Kämest Du jetzt an und definiertest Dir einen Uli-Nobbe-Studio-Standardpegel, der kann irgendwo auf der dBfs-Skala sein, sagen wir bei –9 dBfs, dann kommt wie Kai aus der Kiste plötzlich doch ein Headroom zustande, nämlich genau diese 9 dB. Dann müßtest Du Dir auf dem Pegelmesser eine Marke anbringen („0 dBnob“, und außerdem den gesamten Rest Deiner Anlage darauf einmessen), und alles darüber wäre – nach Deiner Definition – übersteuert. (Über +9 dBnob kämest Du aber trotzdem nicht hinaus.) Und genau für diese „Marke“ sind die verschiedenen Farbbereiche auf der mAirList-Anzeige einstellbar.

Daß mAirList dBTP anzeigen kann, bezweifle ich; meiner Auffassung nach geschieht die True-Peak-Berechnung rein intern und wirkt sich nicht auf die Anzeige aus. @Torben möge mich korrigieren.

Wenn wir gerade dabei sind: Die zappelnden Farbbalken in mAirList sind nur qualitative Anzeigen und gar keine Pegelmesser, weil für einen solchen auch die ballistischen Eigenschaften (Anstiegs-, Abfall(!)zeiten usw.) geeicht sein müßten.

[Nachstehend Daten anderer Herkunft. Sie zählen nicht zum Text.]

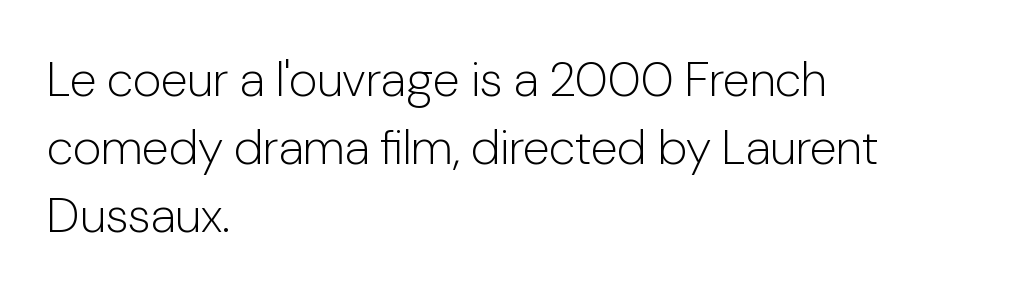
Q: Is the text bold? A: No.
Q: Is the text italic (slanted)? A: No, it is upright.
Q: Is the typeface a serif or a sans-serif typeface? A: Sans-serif.
Q: Is the text underlined? A: No.
Q: How is the paragraph aligned? A: Left-aligned.
Q: Is the spacing between letters normal or unusually wide? A: Normal.
Q: Is the spacing between lines tight, normal or loose? A: Normal.
Q: Width (condensed, normal, or wide)? A: Normal.
Q: Stroke contrast? A: Low.
Q: x-height? A: Medium.
Q: Monospaced? A: No.
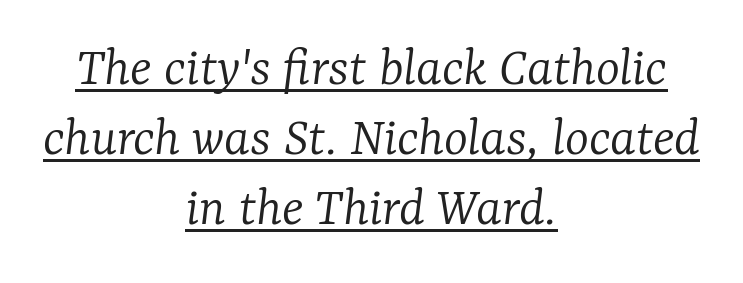
Q: Is the text bold? A: No.
Q: Is the text italic (slanted)? A: Yes, it leans right by about 7 degrees.
Q: Is the typeface a serif or a sans-serif typeface? A: Serif.
Q: Is the text underlined? A: Yes.
Q: How is the paragraph aligned? A: Centered.
Q: Is the spacing between letters normal or unusually wide? A: Normal.
Q: Width (condensed, normal, or wide)? A: Normal.
Q: Stroke contrast? A: Low.
Q: x-height? A: Medium.
Q: Monospaced? A: No.
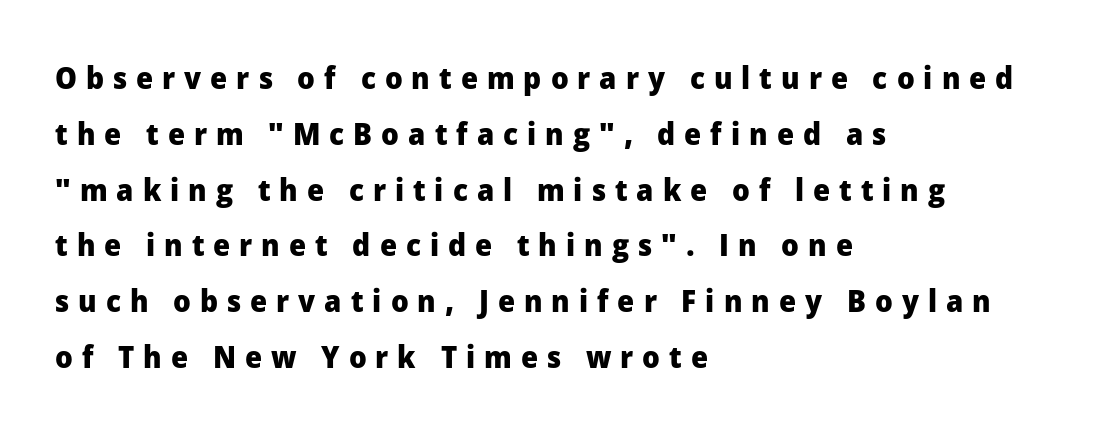
Q: Is the text bold? A: Yes.
Q: Is the text italic (slanted)? A: No, it is upright.
Q: Is the typeface a serif or a sans-serif typeface? A: Sans-serif.
Q: Is the text underlined? A: No.
Q: How is the paragraph aligned? A: Left-aligned.
Q: Is the spacing between letters normal or unusually wide? A: Unusually wide.
Q: Width (condensed, normal, or wide)? A: Normal.
Q: Stroke contrast? A: Low.
Q: x-height? A: Medium.
Q: Monospaced? A: No.
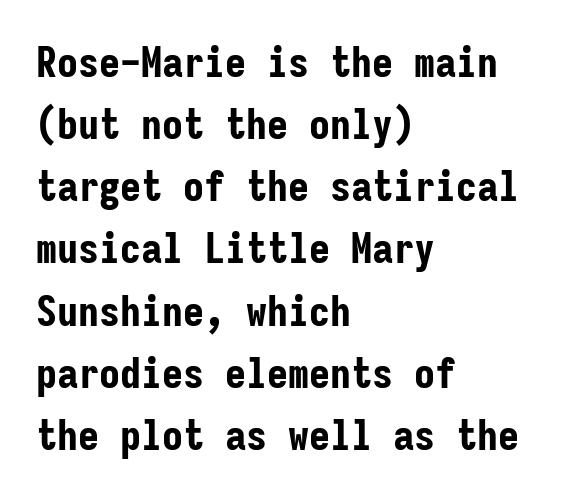
Q: Is the text bold? A: Yes.
Q: Is the text italic (slanted)? A: No, it is upright.
Q: Is the typeface a serif or a sans-serif typeface? A: Sans-serif.
Q: Is the text underlined? A: No.
Q: How is the paragraph aligned? A: Left-aligned.
Q: Is the spacing between letters normal or unusually wide? A: Normal.
Q: Is the spacing between lines tight, normal or loose? A: Normal.
Q: Width (condensed, normal, or wide)? A: Condensed.
Q: Stroke contrast? A: Low.
Q: x-height? A: Medium.
Q: Monospaced? A: Yes.
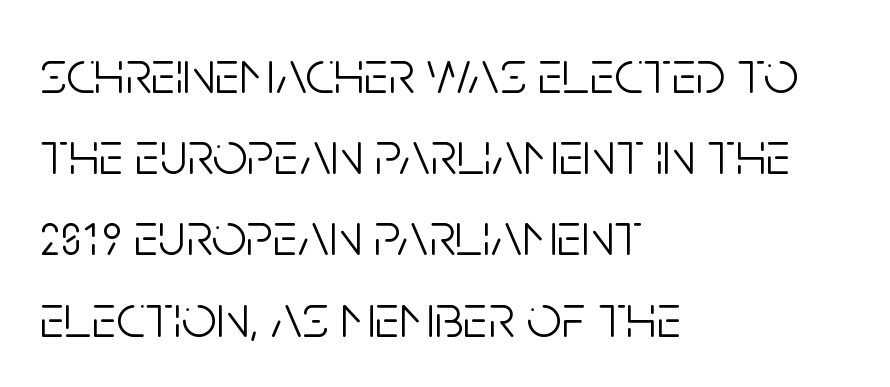
Letters rest on an invisible, unmarked baseline. The rendering anchors every line to the left-hand side. The face looks like a standard text weight, possibly lighter. Honestly, the row spacing looks completely unremarkable.
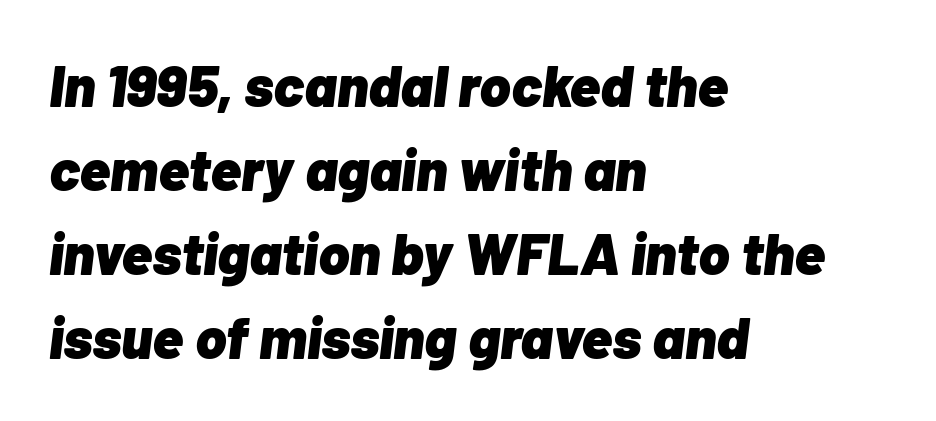
Q: Is the text bold? A: Yes.
Q: Is the text italic (slanted)? A: Yes, it leans right by about 7 degrees.
Q: Is the text underlined? A: No.
Q: How is the paragraph aligned? A: Left-aligned.
Q: Is the spacing between letters normal or unusually wide? A: Normal.
Q: Is the spacing between lines tight, normal or loose? A: Normal.
Q: Width (condensed, normal, or wide)? A: Normal.
Q: Stroke contrast? A: Low.
Q: x-height? A: Medium.
Q: Monospaced? A: No.
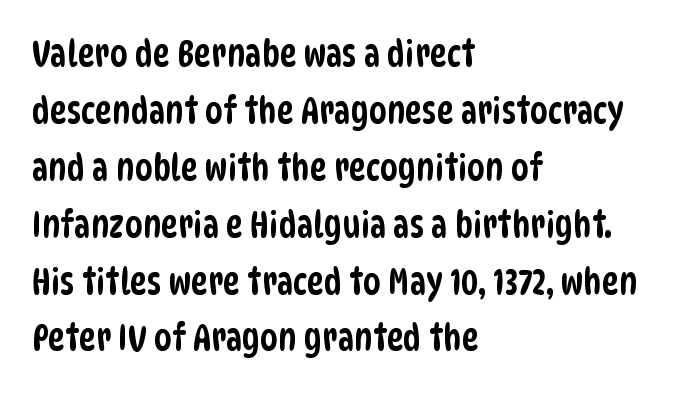
Q: Is the typeface a serif or a sans-serif typeface? A: Sans-serif.
Q: Is the text underlined? A: No.
Q: How is the paragraph aligned? A: Left-aligned.
Q: Is the spacing between letters normal or unusually wide? A: Normal.
Q: Is the spacing between lines tight, normal or loose? A: Normal.
Q: Width (condensed, normal, or wide)? A: Condensed.
Q: Stroke contrast? A: Low.
Q: x-height? A: Large.
Q: Monospaced? A: No.
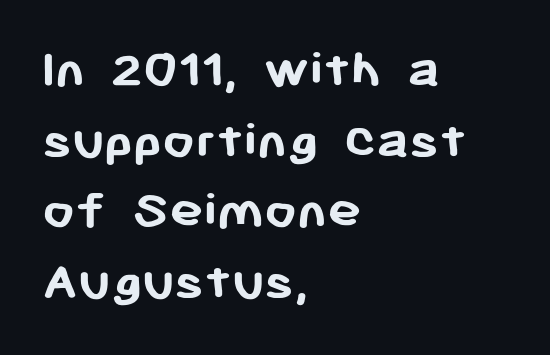
Honestly, the letter spacing is just normal — you wouldn't notice it. A full-strength bold gives these letters their thick strokes. Typographically, this falls in the sans-serif category. The lettering holds an erect, upright posture throughout. A typesetter would call this proportional, since set widths differ per character. The glyphs are unaccompanied by any horizontal stroke below them.
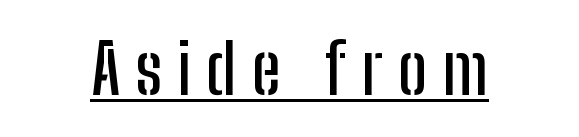
Q: Is the text italic (slanted)? A: No, it is upright.
Q: Is the typeface a serif or a sans-serif typeface? A: Sans-serif.
Q: Is the text underlined? A: Yes.
Q: Is the spacing between letters normal or unusually wide? A: Unusually wide.
Q: Width (condensed, normal, or wide)? A: Condensed.
Q: Stroke contrast? A: Low.
Q: x-height? A: Medium.
Q: Monospaced? A: No.
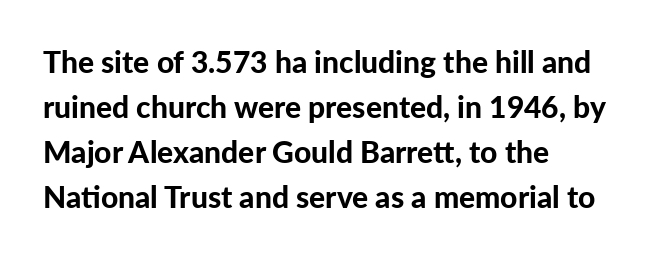
The image shows 30 px bold sans-serif type, upright; set left-aligned, normal line spacing (1.5x), normal letter spacing, not underlined; low stroke contrast and a medium x-height.
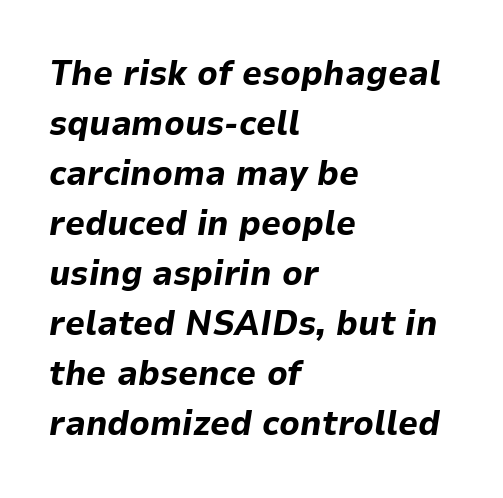
{"italic": "yes", "lean": "right", "slant_degrees": 9, "bold": "yes", "weight": "bold", "width": "normal", "stroke_contrast": "low", "x_height": "medium", "monospaced": "no", "underline": "no", "align": "left", "line_spacing": "normal", "line_spacing_ratio": 1.43, "letter_spacing": "normal", "letter_spacing_em": 0.0, "glyph_px": 35}
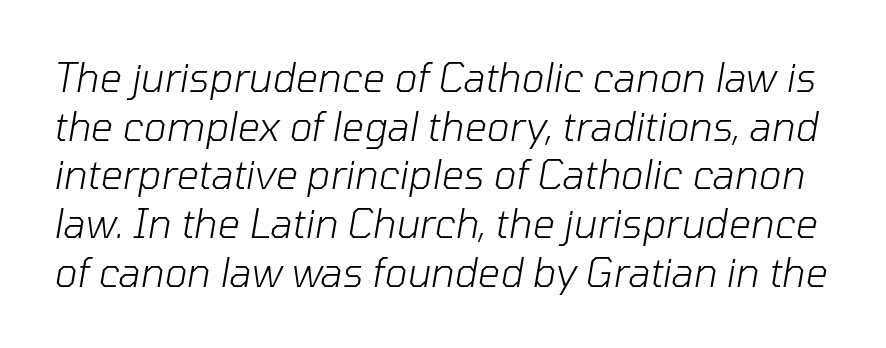
Inter-character spacing is left at the font's built-in metrics. Stroke mass is kept to a normal reading level or below. Students, observe: this is what conventionally led text looks like. When letters slant like this, we call the style italic.
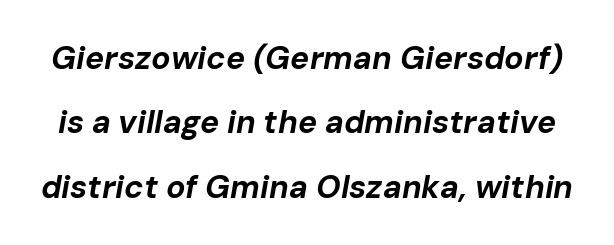
{"italic": "yes", "lean": "right", "slant_degrees": 10, "bold": "yes", "weight": "bold", "width": "normal", "stroke_contrast": "low", "x_height": "medium", "monospaced": "no", "underline": "no", "line_spacing": "loose", "line_spacing_ratio": 2.01, "letter_spacing": "normal", "letter_spacing_em": 0.0, "glyph_px": 32}
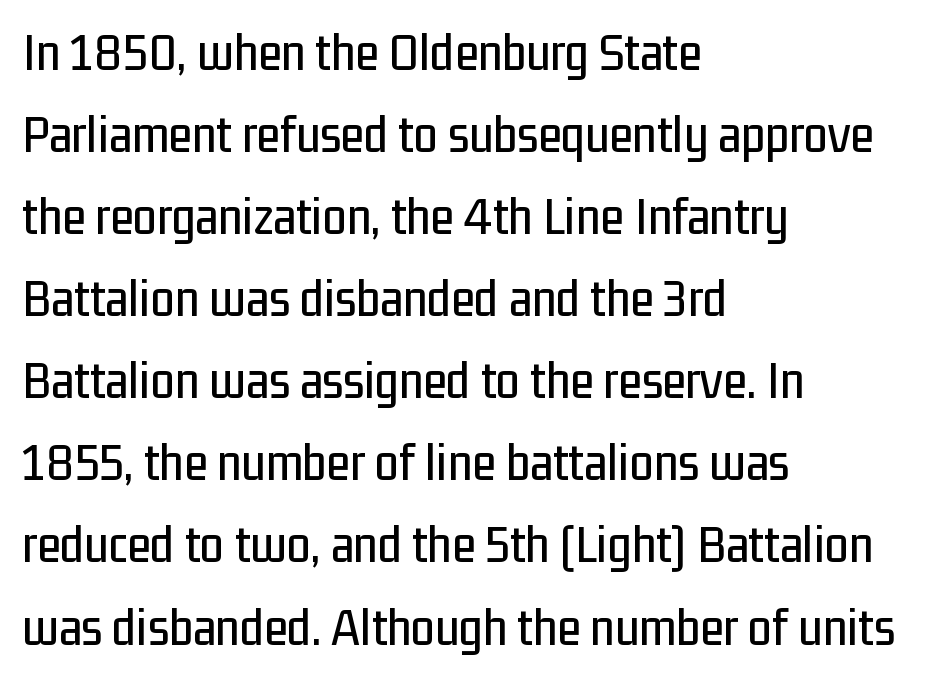
The image shows 54 px condensed sans-serif type, upright; set left-aligned, normal line spacing (1.52x), normal letter spacing, not underlined; low stroke contrast and a medium x-height.
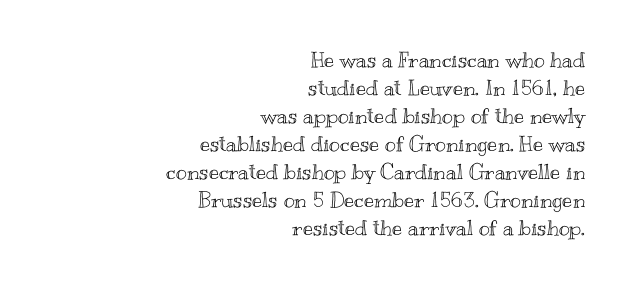
{"italic": "no", "underline": "no", "align": "right", "line_spacing": "normal", "line_spacing_ratio": 1.33, "letter_spacing": "normal", "letter_spacing_em": 0.0, "glyph_px": 21}
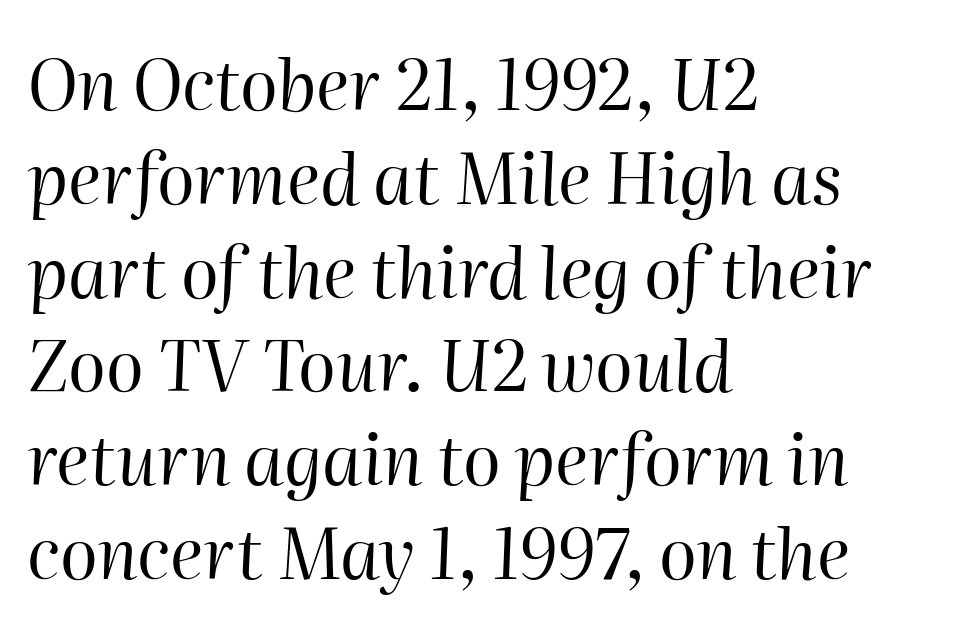
The image shows 70 px regular-weight type, italic (leaning right); set left-aligned, normal line spacing (1.34x), normal letter spacing, not underlined; high stroke contrast and a medium x-height.
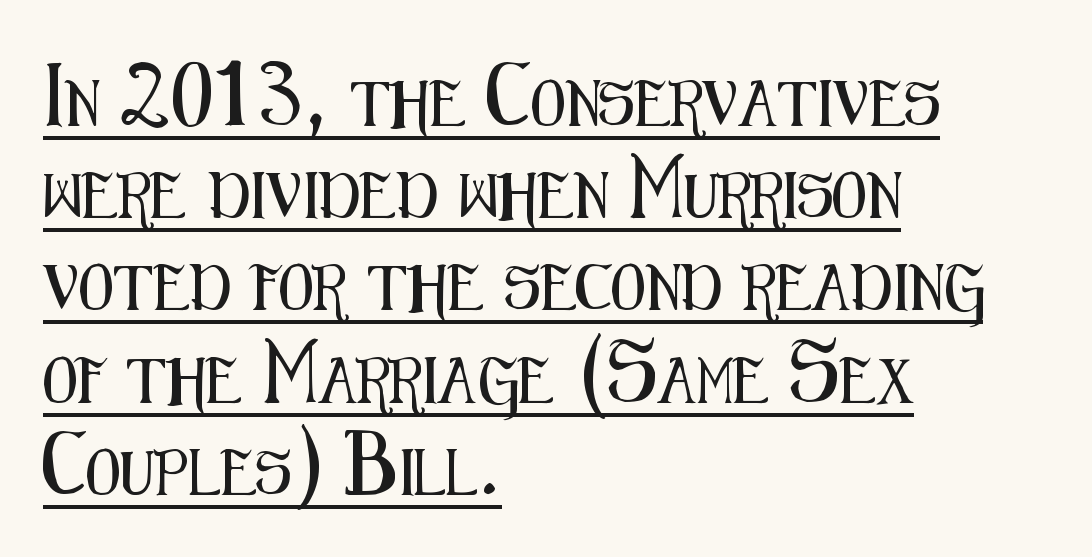
{"italic": "no", "width": "condensed", "stroke_contrast": "medium", "x_height": "medium", "monospaced": "no", "underline": "yes", "align": "left", "line_spacing": "loose", "line_spacing_ratio": 2.05, "letter_spacing": "normal", "letter_spacing_em": 0.0, "glyph_px": 45}

Torben hat das umzusetzen an anderer Stelle abgelehnt, leider, jedoch aus gutem Grunde.

Die Vorgänge in Audacity sind mir nicht bekannt, dürften sich aber auf ähnliche Algorithmen stützen wie die in mAirList verwendeten: Ist der Pegelwert ≥ <Zahl>, dann mach rot.

1 Like

mAirList (bzw. BASS) arbeitet intern sogar mit 32-bit floating point; daher sind - bei der internen Verarbeitung - problemlos Samplewerte >1.0 (= 0 dBFS) möglich, ohne dass es zu Clipping kommt.

Du kannst ja mal aus Spaß einer Datei +20 dB Verstärkung geben und gleichzeitig die Player-Lautstärke auf -20 dB stellen :wink:

Aber natürlich sind alle GUI-Anzeigen darauf ausgelegt, dass die Signale die 0 dBFS niemals überschreiten.

Respekt! Das gefällt mir. Mein Beitrag oben ist dahingehend als unzutreffend zu beachten.